I don’t remember that much about that night and think they might have given me a sedative or something to help me sleep.

During my time in hospital, I had all sorts of tests, including dye being shot into me, so they could look at my heart in detail. None of the tests showed any of the normal signs of a heart disease, like a blocked artery. The doctor’s seemed stumped.

I had the hospital phone my mate Bob, who came to see me the next day. He said I looked terrible. I bet he was right!

I felt terrible. I was weak, so weak, even speaking was an effort. I couldn’t believe how hard it hit me!

I had tubes running into my arm, wires attached to my chest and this weird plastic thing with a red light in it, clamped to my finger. They wanted to fit me with a catheter but I wouldn’t let them! A tube up my cock is not my idea of pleasant!

Bob called my ex-wife and she came to see me. I didn’t really expect that, but she was very concerned and surprisingly supportive.

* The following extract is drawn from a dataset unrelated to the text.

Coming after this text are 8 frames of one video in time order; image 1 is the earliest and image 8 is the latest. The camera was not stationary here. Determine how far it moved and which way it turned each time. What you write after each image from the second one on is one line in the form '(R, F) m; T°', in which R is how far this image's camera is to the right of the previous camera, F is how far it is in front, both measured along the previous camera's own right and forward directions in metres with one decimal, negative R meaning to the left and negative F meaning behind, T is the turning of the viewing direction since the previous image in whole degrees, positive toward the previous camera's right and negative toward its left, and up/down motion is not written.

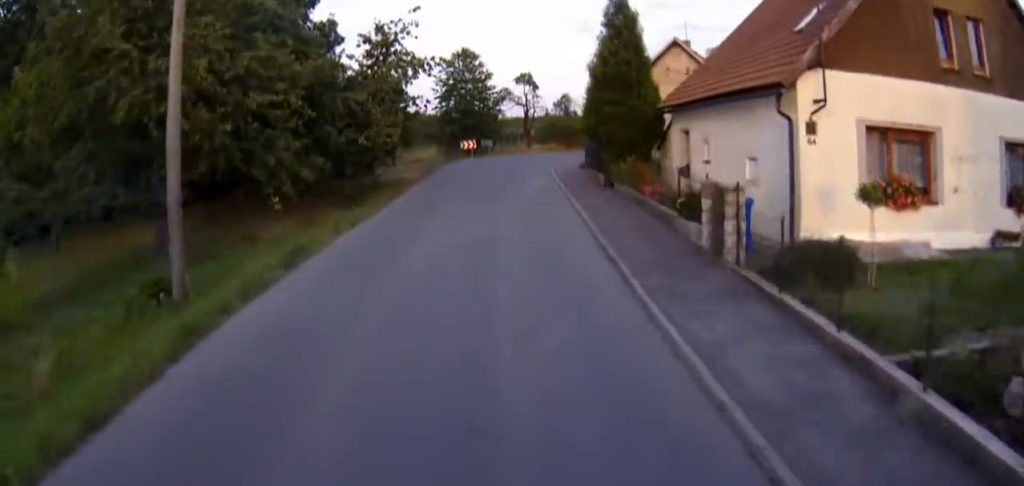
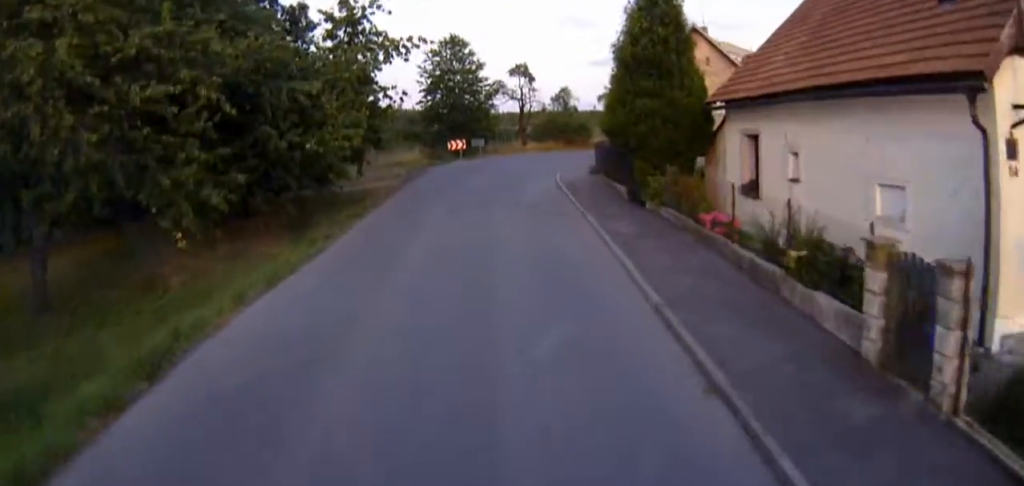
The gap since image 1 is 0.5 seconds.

She said she was worried about my drug use too, which is actually quite funny as the one occasion when she caught me with cocaine, was only the second time I had ever tried it.

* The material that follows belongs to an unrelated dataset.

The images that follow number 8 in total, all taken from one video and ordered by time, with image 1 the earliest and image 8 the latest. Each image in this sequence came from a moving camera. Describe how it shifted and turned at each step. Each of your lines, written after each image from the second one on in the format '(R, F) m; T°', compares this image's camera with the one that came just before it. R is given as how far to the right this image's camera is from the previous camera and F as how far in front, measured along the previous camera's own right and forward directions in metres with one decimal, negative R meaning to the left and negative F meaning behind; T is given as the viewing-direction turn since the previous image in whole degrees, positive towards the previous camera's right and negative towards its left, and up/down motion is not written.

Now that I think of it, that night when I tried coke for the second time was a real turning point for me and not a good one.

The escort who sold me that charlie is the one who originally put me in touch with Elvis, my dealer. I guess you could say that night put into motion events that contributed to near demise.

As my ex-wife is a nurse, she read my chart. I watched her read it with a pensive expression on her face, as she probably understood all the notes and test results far better than I ever could.

She wouldn’t tell me what it said though; instead explaining that it was up to my doctor to give me this information.

She asked me something quite strange; she asked me if I had been faithful to her during our marriage. At the time, I didn’t realise why.

I told her, with a perfectly straight face and no irony in my voice, that indeed I had been loyal and monogamous the entire time.

Under those circumstances, what else could I have said?

She didn’t have her daughter with her, which I guess was a blessing and I didn’t ask where she was; it’s none of my concern anyway.

She really is my ex-wife now, finally. When I was released from hospital and returned to my flat, the final divorce paperwork, the decree absolute, was awaiting me.

Maybe it had already been issued when she visited me, which could explain why she asked me if I ever cheated, but it was still kind of her to take the time to see me.

That's the thing about my ex-wife, even though she royally fucked me over with the baby, she is still capable of unexpected moments of kindness. Go figure.

My doctor, a cardiologist, is quite a character and has a great sense of humour. He was born in India, but has lived here in the UK for many, many years.

He seemed to take it as a challenge to discover what was behind my heart attack and ordered many tests.

I didn’t want to tell the doctor about my drug use. It was a combination of embarrassment and fear; I’m ashamed of my behaviour and I was afraid that the doctor might be duly bound to report me to the police or something.

Thankfully, neither was the case.

I could see how frustrated the doctor was becoming, as each test he ran on me came back negative. Finally, I felt so badly that I explained to him exactly what my lifestyle had been like for the last year or so.

I confessed to everything in lurid detail, I didn’t leave anything out.

My doctor listened with rapt attention, surprised by my revelations.

The doctor told me how lucky I was, how this could have been much, much worse. He explained that rest, exercise and a “change in lifestyle” were all I needed to get back to my former self.

Can it really be that simple?

I’ve been for some rehabilitation already and they’ve suggested I join a gym and keep up a light exercise regime until I build up my strength.

That’s the thing, I just always feel tired and I don’t know what I can do about that.

On the night of my heart attack, I had never been so frightened in my life.

On the night of my heart attack, my life changed completely.

On the night of my heart attack, I thought I would die.

I’ve turned over a new leaf. I’ve been given a second chance. I’m not going to squander it. I’m going to make the most of every second I have left.

Comments:
glad to hear you're doing better discreet.